Date Presented Accepted for AOTA INSPIRE 2021 but unable to be presented due to online event limitations.
This presentation will characterize our experiences integrating stakeholder engagement into a multisite pragmatic clinical trial focused on optimizing care for nursing home residents with dementia. We will discuss our methods for building OT capacity to conduct research that includes the voices of stakeholders.
Primary Author and Speaker: Jenny Martinez
Additional Authors and Speakers: Catherine Piersol
Contributing Authors: Lauren Terhorst, Sherrie Holloway, Felicia Chew, and Natalie Elizabeth Leland
PURPOSE AND RATIONALE: Caregivers, residents, payors, and other stakeholders have prioritized the use of non-pharmacological approaches to optimize care delivery for nursing home residents with dementia. Despite a strong evidence-base, systematic translation and implementation into clinical practice is limited. Thus, as efforts are made to evaluate the system level implementation of effective interventions, stakeholder engagement (SE) is essential.1 SE optimizes impact, relevance, and implementability.2 Moreover, it ensures the voice of the enduser and care receiver are represented throughout the research process. Although SE has received increased attention, there is little guidance on its implementation, particularly in nursing homes research. In response, we characterize our experiences with SE into a multi-site pragmatic clinical trial focused on optimizing nursing home care for residents with dementia.
DESIGN: Qualitative
METHODS: We collected data on SE in our research study, including (a) descriptive surveys completed by advisory committee members; (b) activity via an online platform (www.basecamp.com); and (c) meeting minutes. In accordance with Concannon's framework for reporting SE,3 data was analyzed for descriptions of when and how SE occurred, and its impact on our research.

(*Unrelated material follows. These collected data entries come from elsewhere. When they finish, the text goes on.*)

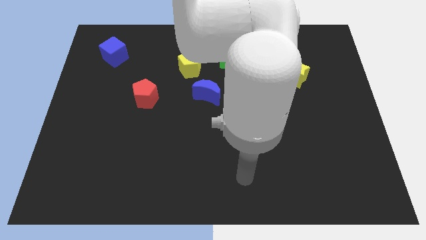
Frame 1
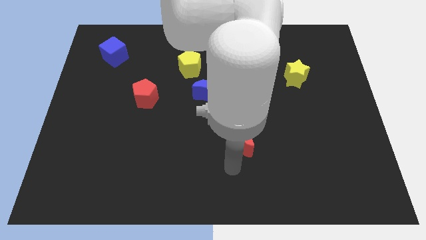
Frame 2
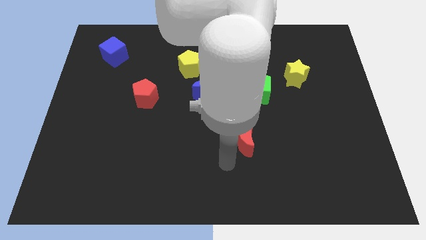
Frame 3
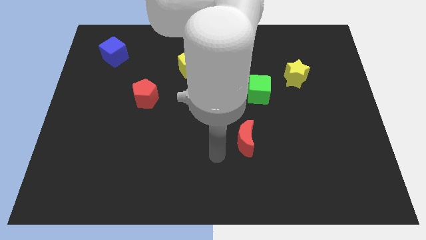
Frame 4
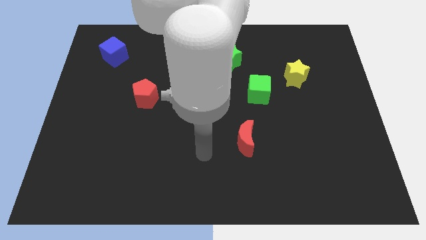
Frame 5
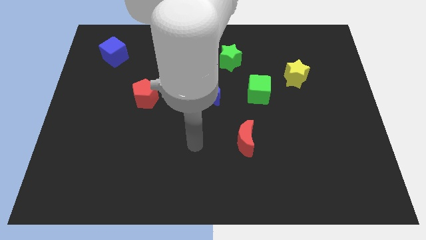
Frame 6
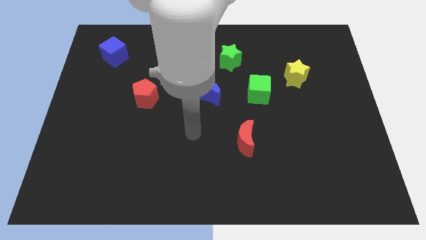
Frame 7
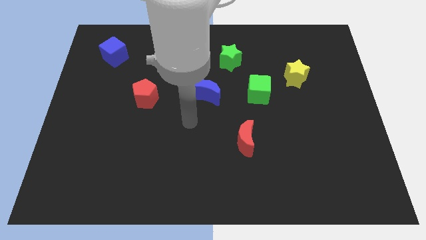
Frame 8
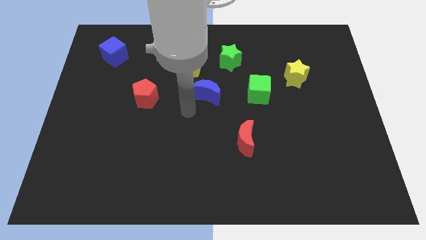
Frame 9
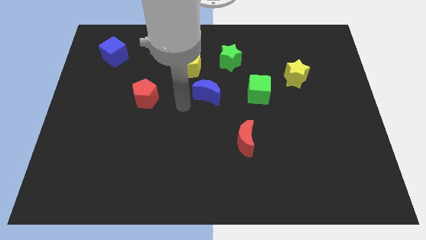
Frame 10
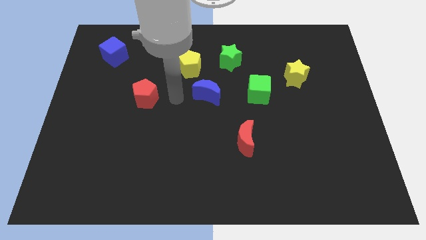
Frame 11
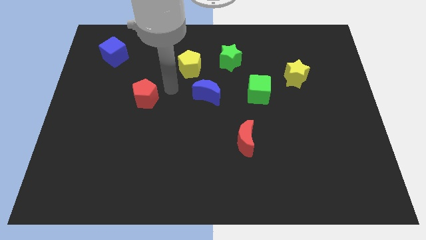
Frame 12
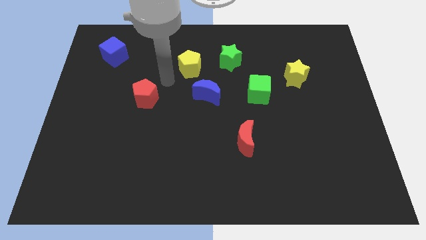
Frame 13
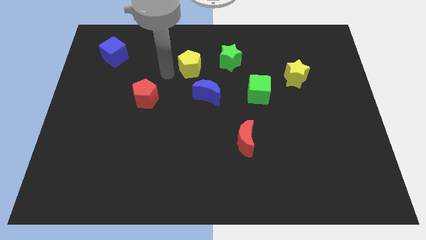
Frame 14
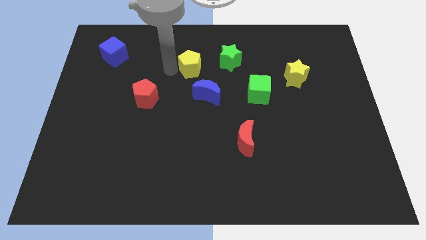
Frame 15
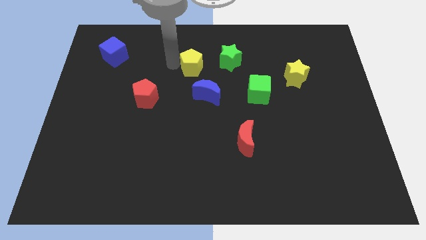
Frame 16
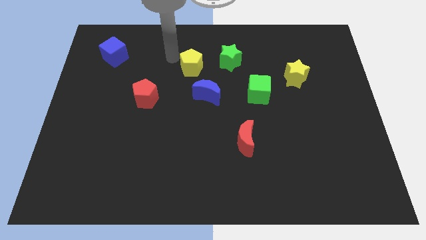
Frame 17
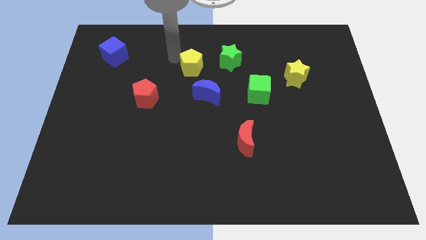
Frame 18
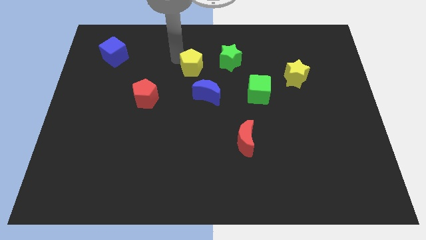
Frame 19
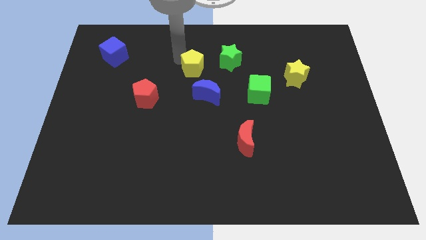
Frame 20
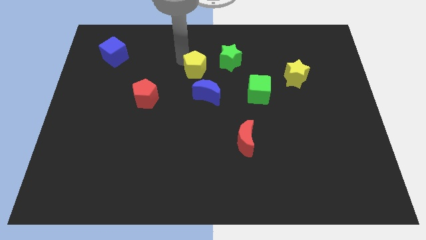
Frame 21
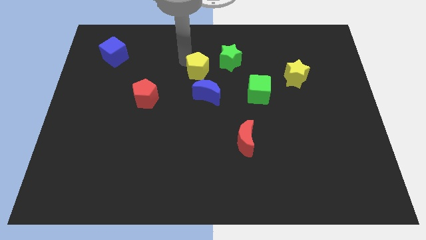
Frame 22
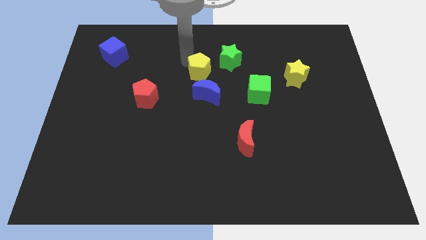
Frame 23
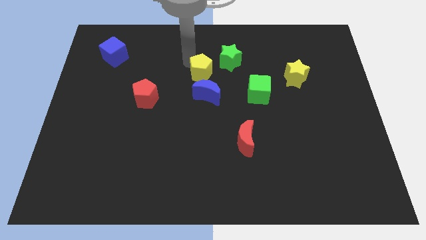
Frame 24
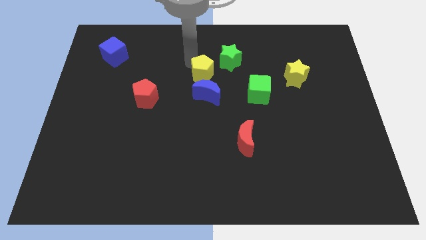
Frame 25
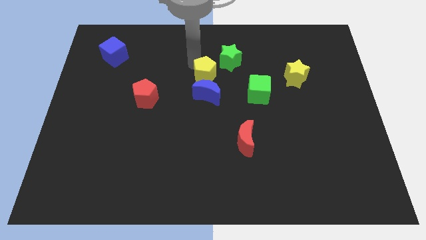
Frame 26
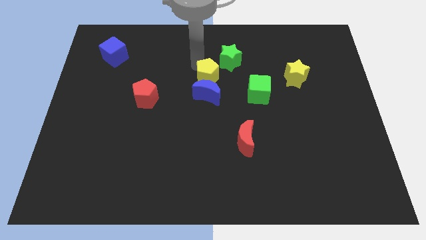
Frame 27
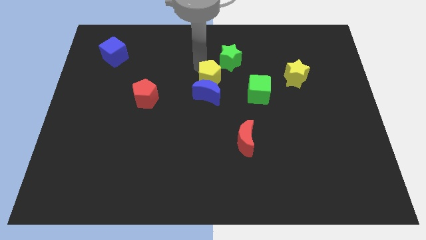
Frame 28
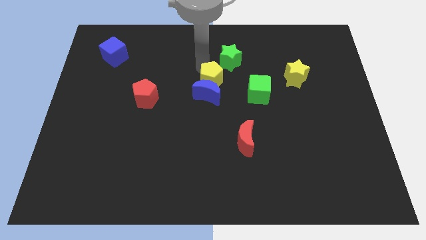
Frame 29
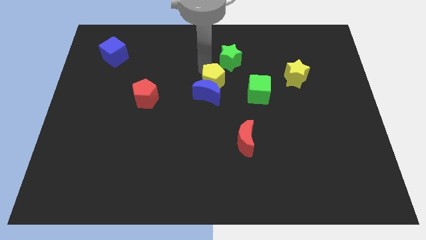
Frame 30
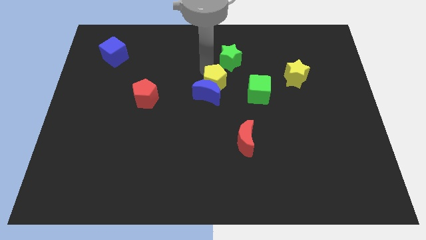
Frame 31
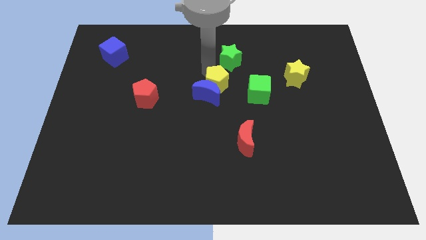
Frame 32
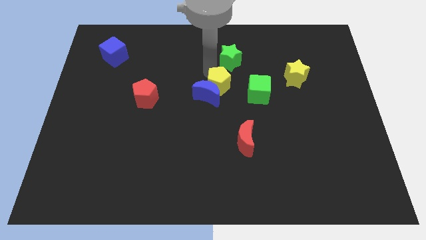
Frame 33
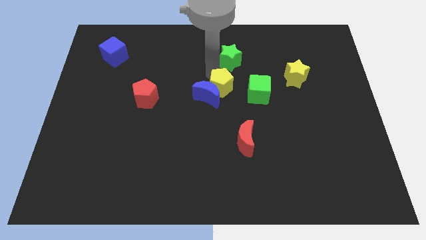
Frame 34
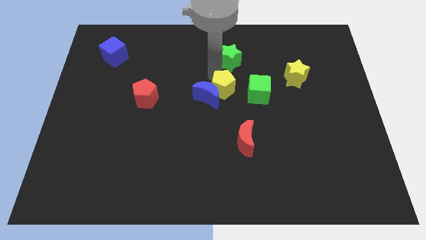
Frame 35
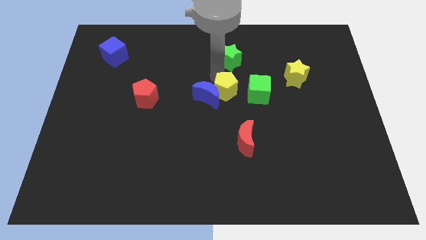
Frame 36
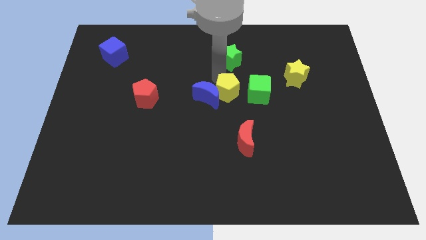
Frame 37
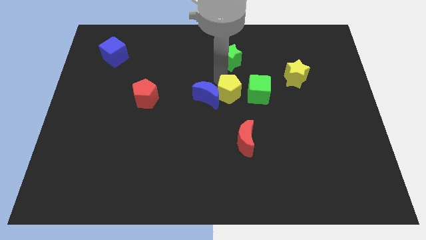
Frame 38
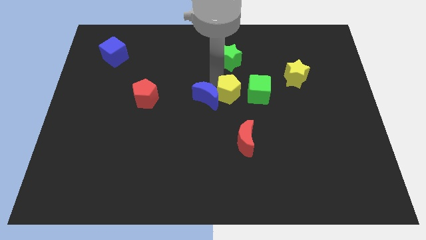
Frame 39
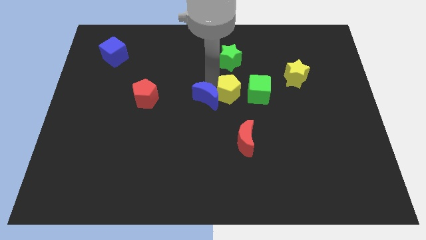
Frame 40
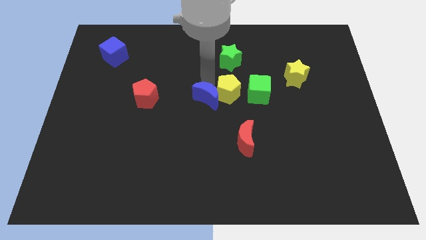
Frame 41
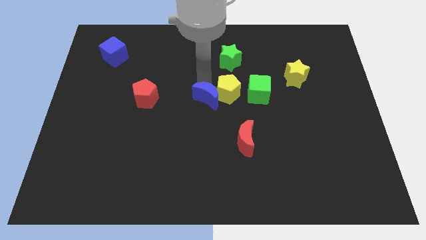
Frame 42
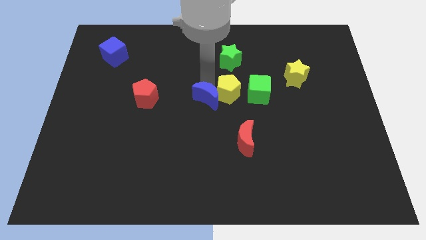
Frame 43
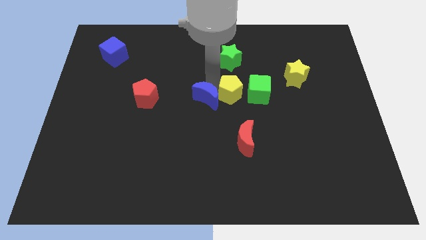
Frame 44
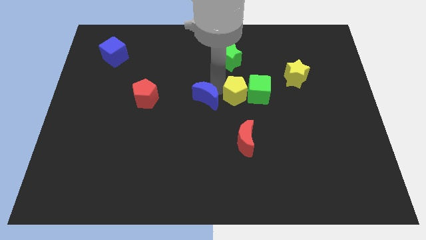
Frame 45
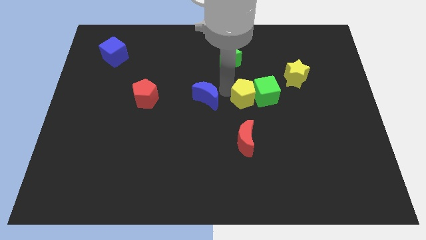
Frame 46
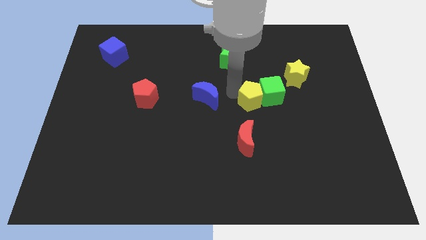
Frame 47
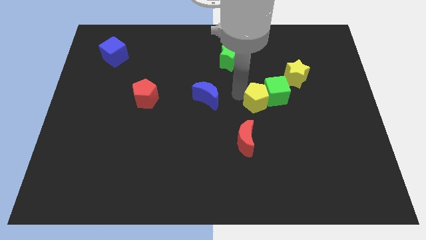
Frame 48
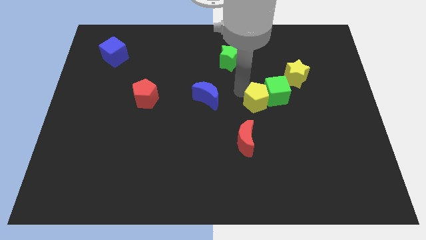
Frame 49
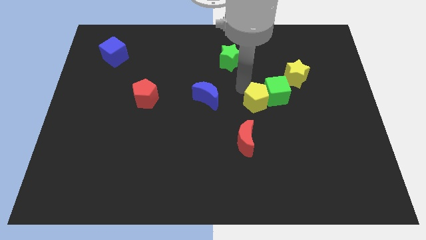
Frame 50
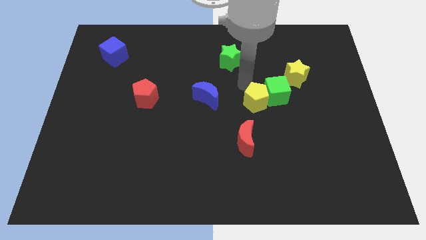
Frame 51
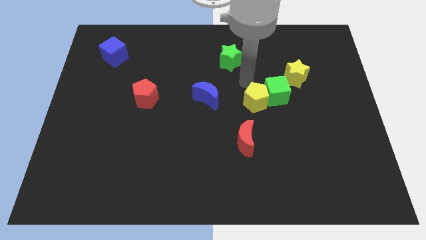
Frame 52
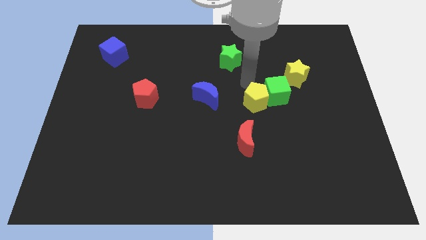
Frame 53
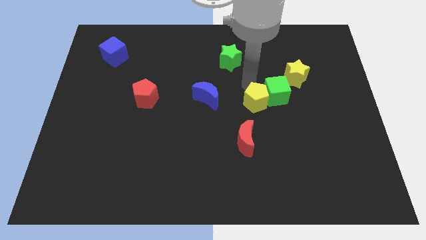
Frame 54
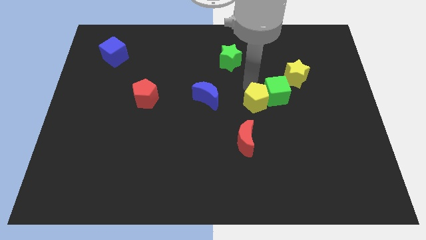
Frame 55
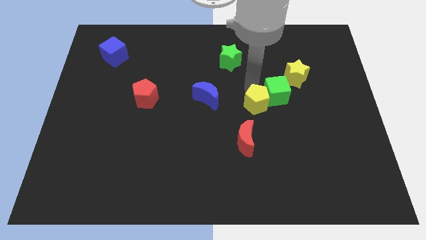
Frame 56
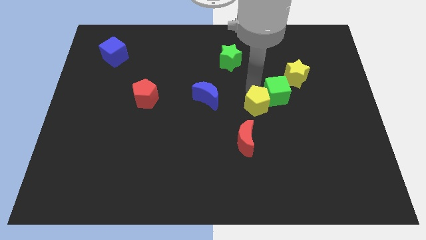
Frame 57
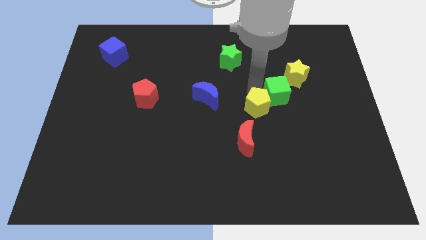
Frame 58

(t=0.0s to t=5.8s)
slide the yellow pentagon down and then right

ANALYSIS AND RESULTS: Through data triangulation, our analysis revealed SE occurred through consistent and informative electronic updates promoting feedback and comment. Of note is an in-person kickoff meeting with our diverse advisory committee members (e.g., patient advocate, caregiver, practitioner, health system leadership, etc.), which established our approach to SE and promoted stakeholder-researcher-funder camaraderie. Subsequently the research team employed various methods to communicate with stakeholders including synchronous (e.g., monthly videoconferences) and asynchronous methods (e.g., online discussions, engaging individuals based on expertise, email, collaboration on dissemination). Through consistent, multi-modal engagement, stakeholders contributed to decision-making, including: (1) a credible strategy for recruiting nursing home residents with dementia and their caregivers; (2) design and content of study recruitment and intervention materials; (3) a realistic plan for collecting and accessing resident data; (4) development of a caregiver interview and quantitative survey; and (5) manuscripts and presentations that represent stakeholder voices.

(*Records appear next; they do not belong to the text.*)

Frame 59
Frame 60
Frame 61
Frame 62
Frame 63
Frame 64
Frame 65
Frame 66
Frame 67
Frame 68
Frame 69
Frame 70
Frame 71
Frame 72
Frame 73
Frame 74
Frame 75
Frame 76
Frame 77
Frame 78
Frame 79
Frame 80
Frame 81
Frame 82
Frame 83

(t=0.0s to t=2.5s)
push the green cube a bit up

CONCLUSION: Our preliminary findings demonstrate the value of SE in research and that building a sustainable, active community in occupational therapy-led dementia care research is feasible. Studies can be enhanced by early and consistent SE and a project infrastructure that prioritizes partnership with stakeholders.
IMPACT STATEMENT AND RELATION TO RESEARCH PRIORITIES: Executing stakeholder-driven and prioritized occupational therapy research is essential for meeting the needs of nursing home residents with dementia and their caregivers. Given occupational therapy's focus on client-centered research and practice, conducting SE research is one way to enhance the professions' distinct value, build capacity for rehabilitation-specific SE, and produce easily-actionable results that reduce the research-practice gap.1,2
References
1. Grimshaw, J. M., Eccles, M. P., Lavis, J. N., Hill, S. J., & Squires, J. E. (2012). Knowledge translation of research findings. Implementation Science: IS, 7, 50-50. https://doi.org/10.1186/1748-5908-7-50
2. Frank, L., Basch, E., & Selby, J. V. (2014). The PCORI perspective on patient-centered outcomes research. Journal of the American Medical Association, 312(15), 1513-1514.
3. Concannon, T.W., Fuster, M., Saunders, T., Patel, K., Wong, J.B., Keslie, L.K., & Lau, J. (2014) A systematic review of stakeholder engagement in comparative effectiveness and patient-centered outcomes research. Journal of General Internal Medicine, 29(12), 1692-1701.